I crossed my legs, resting my arm on the armrest while I cradled Joelle's head. She was wide awake, eyes big and bright, looking around like she had no intention of going back to sleep. "You not tired yet, JoJo?" I whispered, my voice barely louder than the hum of the fan in the corner. She just lay there, making those little baby sounds, innocent and pure, not a care in the world.
The moonlight crept through the window, casting a soft glow over the room, just enough light for me to see her tiny face. I toyed with her hair, my heart swelling with a mix of love and fear. "I'm so glad I have you," I murmured, my voice catching in my throat. I didn't know it was possible to love someone this much, to feel so protective yet so damn scared at the same time.
Joelle's eyes flickered to mine, like she could sense everything I was feeling. I leaned down and kissed her forehead, her skin warm and soft against my lips. "We gon' figure this out, baby girl," I promised her, even though I wasn't sure how. "You and me, we gon' be alright."
The room fell quiet, just the two of us in our little bubble of midnight silence. Outside, the city was still buzzing-cars speeding by, distant voices carrying through the thin walls of our apartment. But in here, it was just me and Joelle, the world outside feeling miles away.
I didn't have all the answers, but I knew one thing for sure-I'd do whatever it took to keep Joelle safe, to make sure she was healthy and happy. This was just the beginning of our journey together, and even though it was harder than I ever imagined, I wouldn't trade it for anything.
"I love you, JoJo," I whispered, settling deeper into the chair. "And I got you. Always."
The house was big-really roomy for a growing family-and it was ours. The house was paid off since the moment we got it, and we'd made it home, filling it with the matched furniture and older collectibles from my mother's house all worked together. Ray and I had painted the walls ourselves, trying to make it feel like more than just a temporary spot. The living room was a mix of brown tones, with old photos of family and friends hanging on the walls, telling the story of how we got here.

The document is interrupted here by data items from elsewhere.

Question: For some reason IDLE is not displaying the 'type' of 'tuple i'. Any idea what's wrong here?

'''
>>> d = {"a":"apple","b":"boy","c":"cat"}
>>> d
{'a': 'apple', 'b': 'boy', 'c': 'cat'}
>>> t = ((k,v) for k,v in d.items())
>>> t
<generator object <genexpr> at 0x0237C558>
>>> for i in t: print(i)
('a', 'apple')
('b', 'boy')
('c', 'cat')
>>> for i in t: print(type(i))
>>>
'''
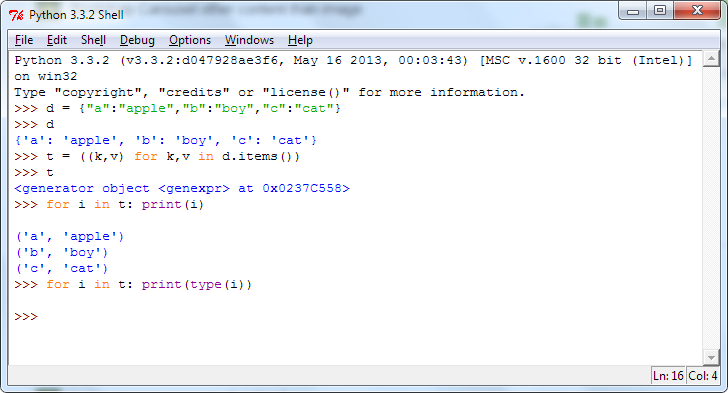
Answer: Generators are iterators but they do not store data into memory like lists so they can be accessed only once.
<URL> is a great explanation about generators.
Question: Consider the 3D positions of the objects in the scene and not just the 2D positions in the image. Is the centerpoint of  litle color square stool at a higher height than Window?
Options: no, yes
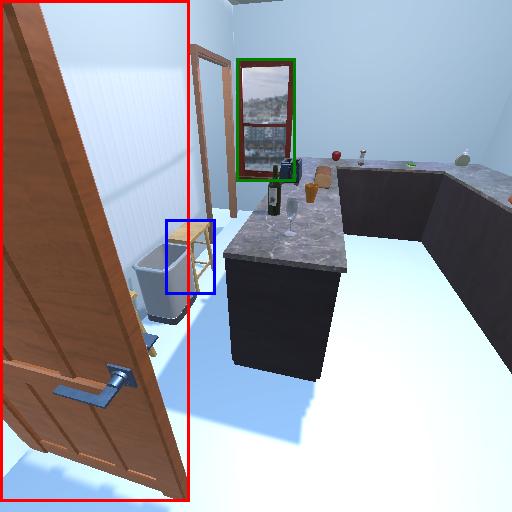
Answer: no
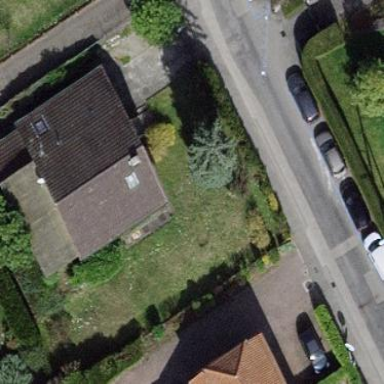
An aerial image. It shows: Garden enclosed by fence.

But tonight, the place felt suffocating. The weight of the world seemed to be pressing down on me, the silence broken only by Joelle's soft coos and the ticking of the clock on the wall. I could hear Ray snoring in the bedroom down the hall, completely knocked out after another long day at work. I didn't blame him; he was doing everything he could to keep us afloat, taking on hours, giving up two weeks of his leave even picking up shifts on the weekends. But it left me feeling alone in this-like it was just me and Joelle against the world.
I adjusted Joelle in my arms, trying to get comfortable. My back was killing me, but I didn't want to move too much and risk waking her up again. I could still feel the tension in my shoulders from the endless hours of trying to soothe her, rocking back and forth until my muscles ached.

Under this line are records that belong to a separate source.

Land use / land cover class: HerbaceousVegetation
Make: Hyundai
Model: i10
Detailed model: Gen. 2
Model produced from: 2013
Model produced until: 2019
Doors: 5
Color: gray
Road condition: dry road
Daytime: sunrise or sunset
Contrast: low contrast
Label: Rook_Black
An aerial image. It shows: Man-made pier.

A ring on the front door broke through the quiet, startling me out of my thoughts. I wasn't expecting anyone, especially not this late. My heart skipped a beat, and I held Joelle a little tighter, her tiny body pressed against mine. Who could be knocking at this hour?
I stood up slowly, trying not to make any sudden movements, and walked through the house over to the door. Peeking through the peephole, I let out a sigh of relief when I saw Kenya standing there, her hair wrapped up in a scarf, looking like she'd just rolled out of bed. I unlocked the door and opened it, waving her in.
YOU ARE READING
𝐇𝐞𝐫𝐞 𝐖𝐞 𝐆𝐨 (𝐮𝐡 𝐨𝐡)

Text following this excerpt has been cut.